Projects per year
The objective of this PhD project is to experimentally and theoretically investigate the separation performance and to improve the process understanding of a newly developed continuous preferential crystallization (PC) process for the separation of enantiomers forming conglomerates. This PC process is regarded as a first step towards a fully continuous PC process. The current knowledge of the importance of crystallization processes in the pharmaceutical industry and the complex thermodynamic and kinetic phenomena accompanied with the separation of chiral compounds are addressed. The experimental work covers laboratory studies and the theoretical work is based on the experimental data and observations.
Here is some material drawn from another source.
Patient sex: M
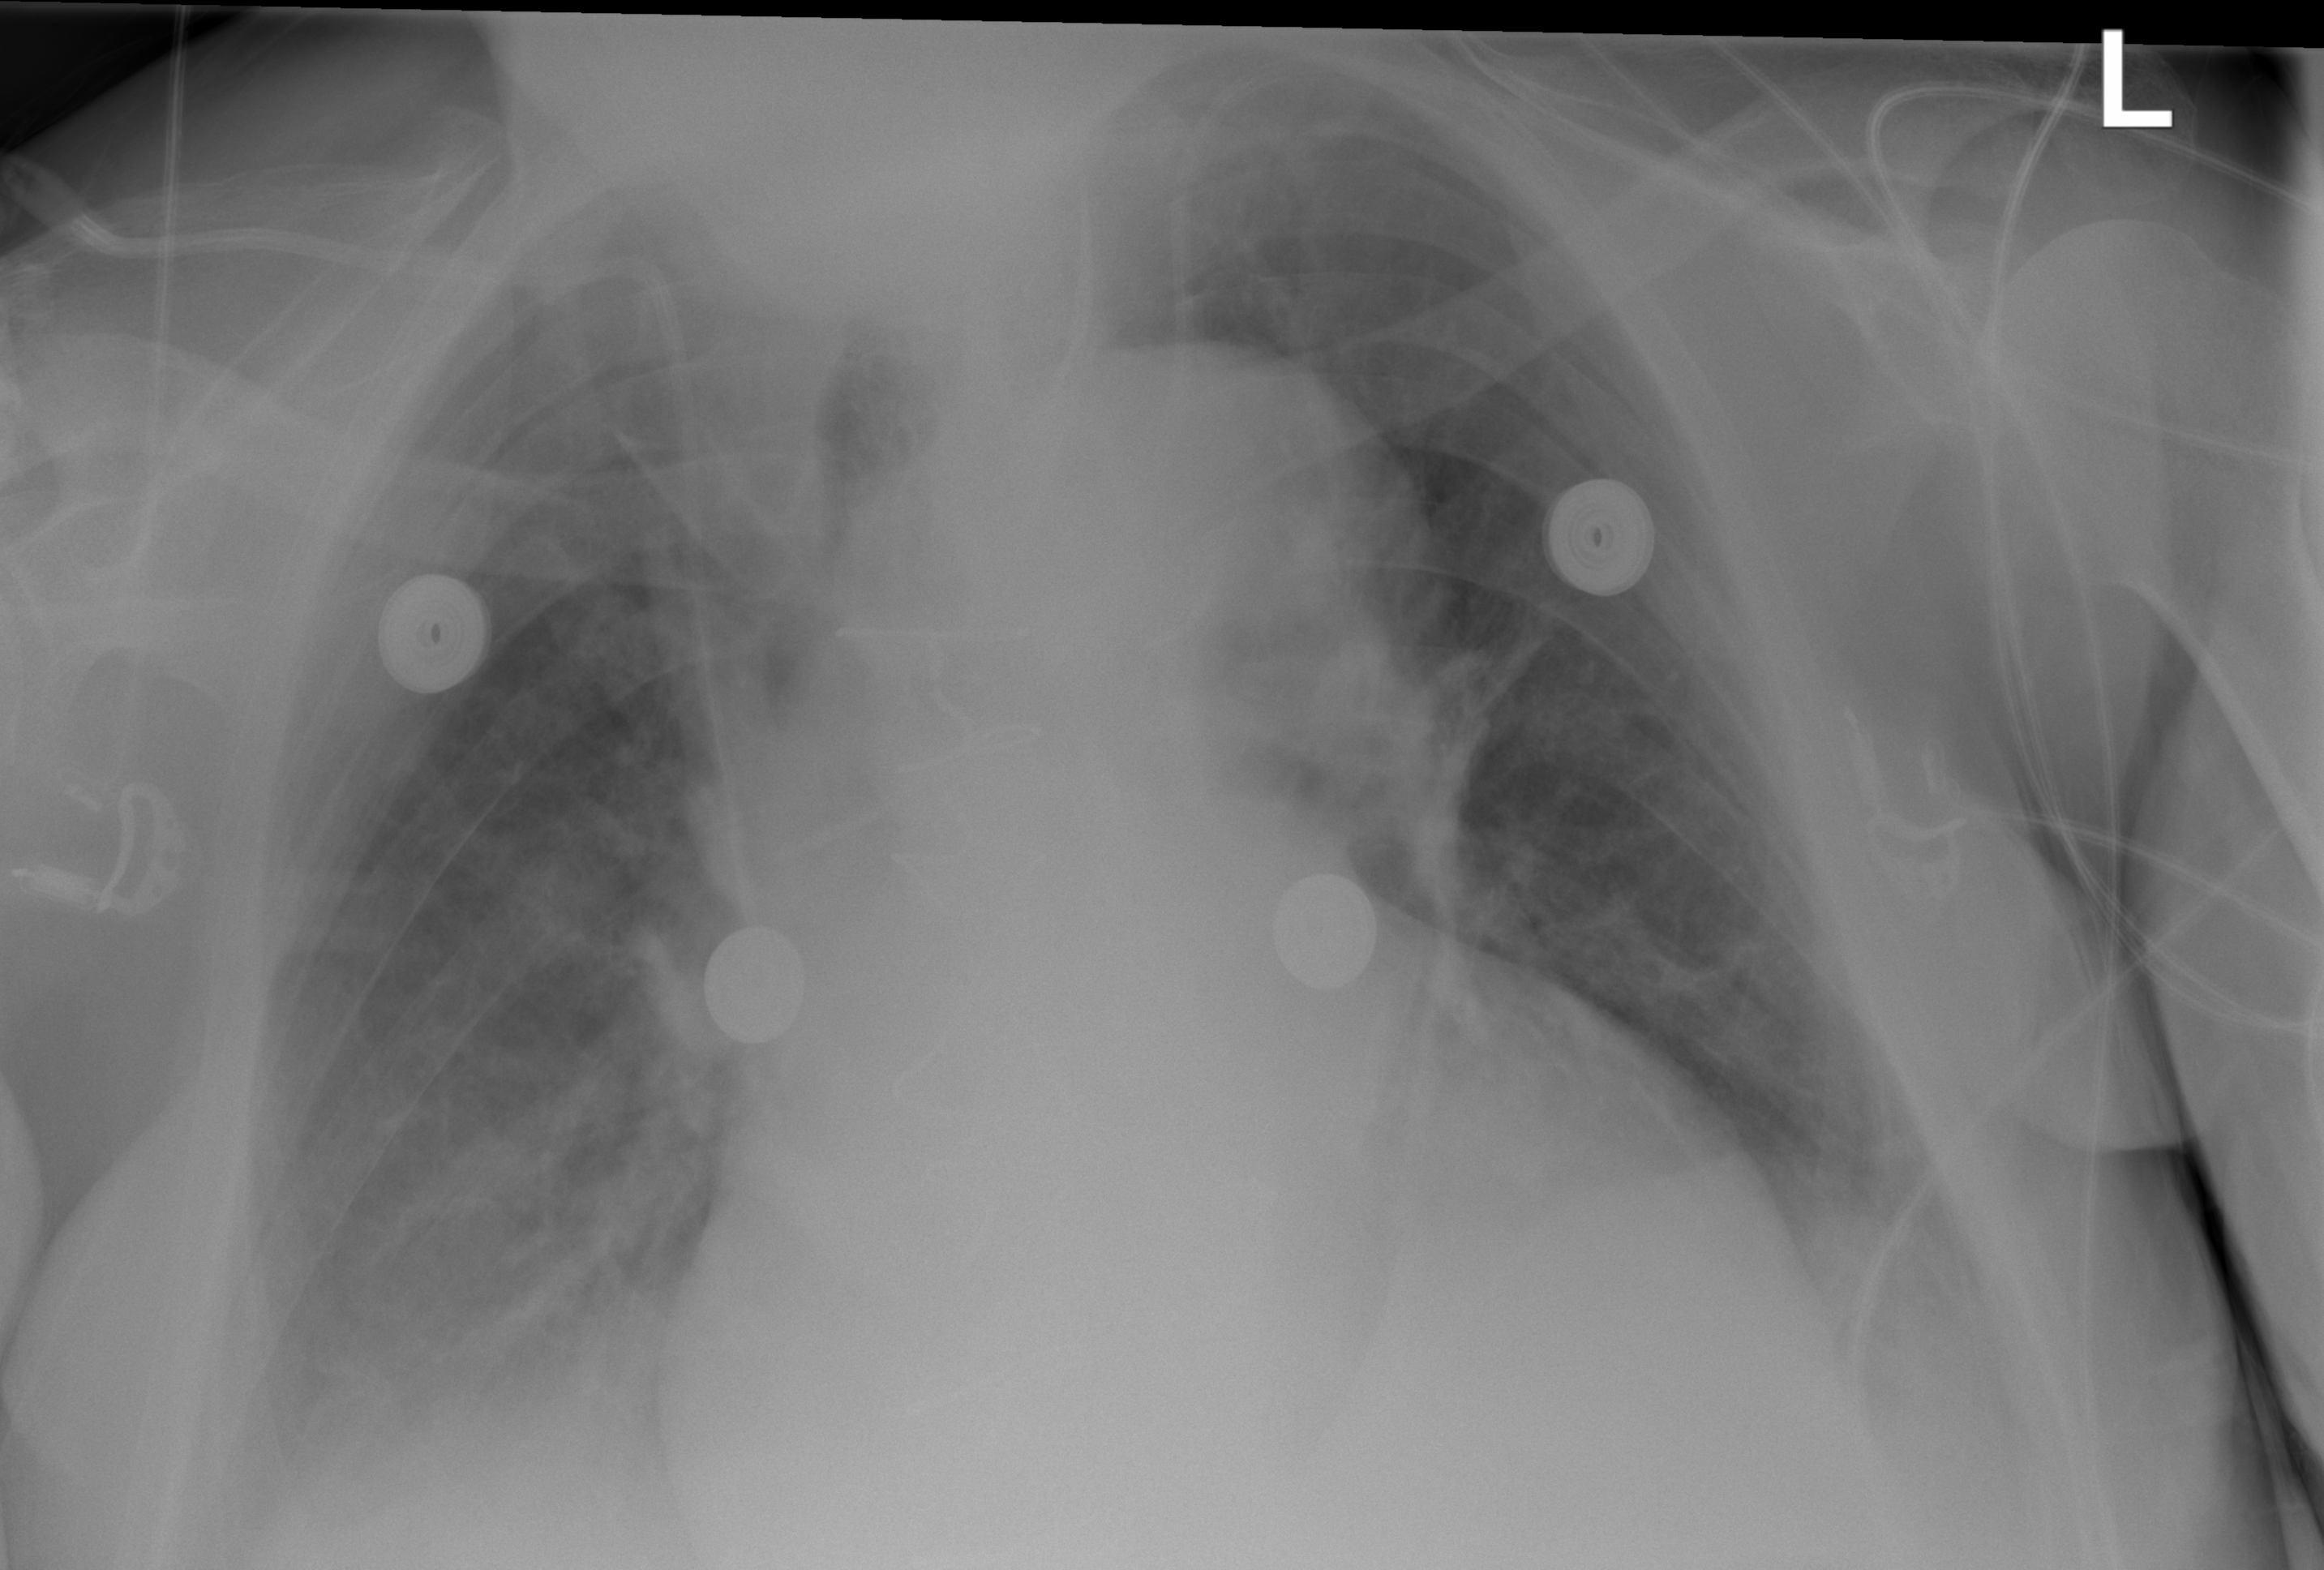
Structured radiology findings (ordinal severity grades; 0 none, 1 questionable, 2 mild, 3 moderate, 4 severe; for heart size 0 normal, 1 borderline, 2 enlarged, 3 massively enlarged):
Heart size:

A large fraction of active pharmaceutical ingredients (APIs) are enantiomers and the desired biological activity is provided only by one of the enantiomers. Strict regulatory requirements, increasing public demand, and fierce competition have forced the pharmaceutical industry to redevelop existing methods or develop completely new methods to produce pharmaceuticals consisting of APIs of the desired enantiomer. PC is one of several methods used industrially to obtain pure enantiomers by separation of a racemic mixture. The potential application of PC is strongly dependent on requirements to the thermodynamics and crystallization kinetics of the considered solute-solvent(s) system, and the desired operating conditions. Meeting these requirements are essential to achieve predefined physical attributes of the final product and process economical targets. In this respect, an increasing interest in converting from the conventional batch to continuous PC has initiated the search for new process development opportunities of PC processes. The reason is the many advantages of continuous operation, especially in the case of separation of enantiomers.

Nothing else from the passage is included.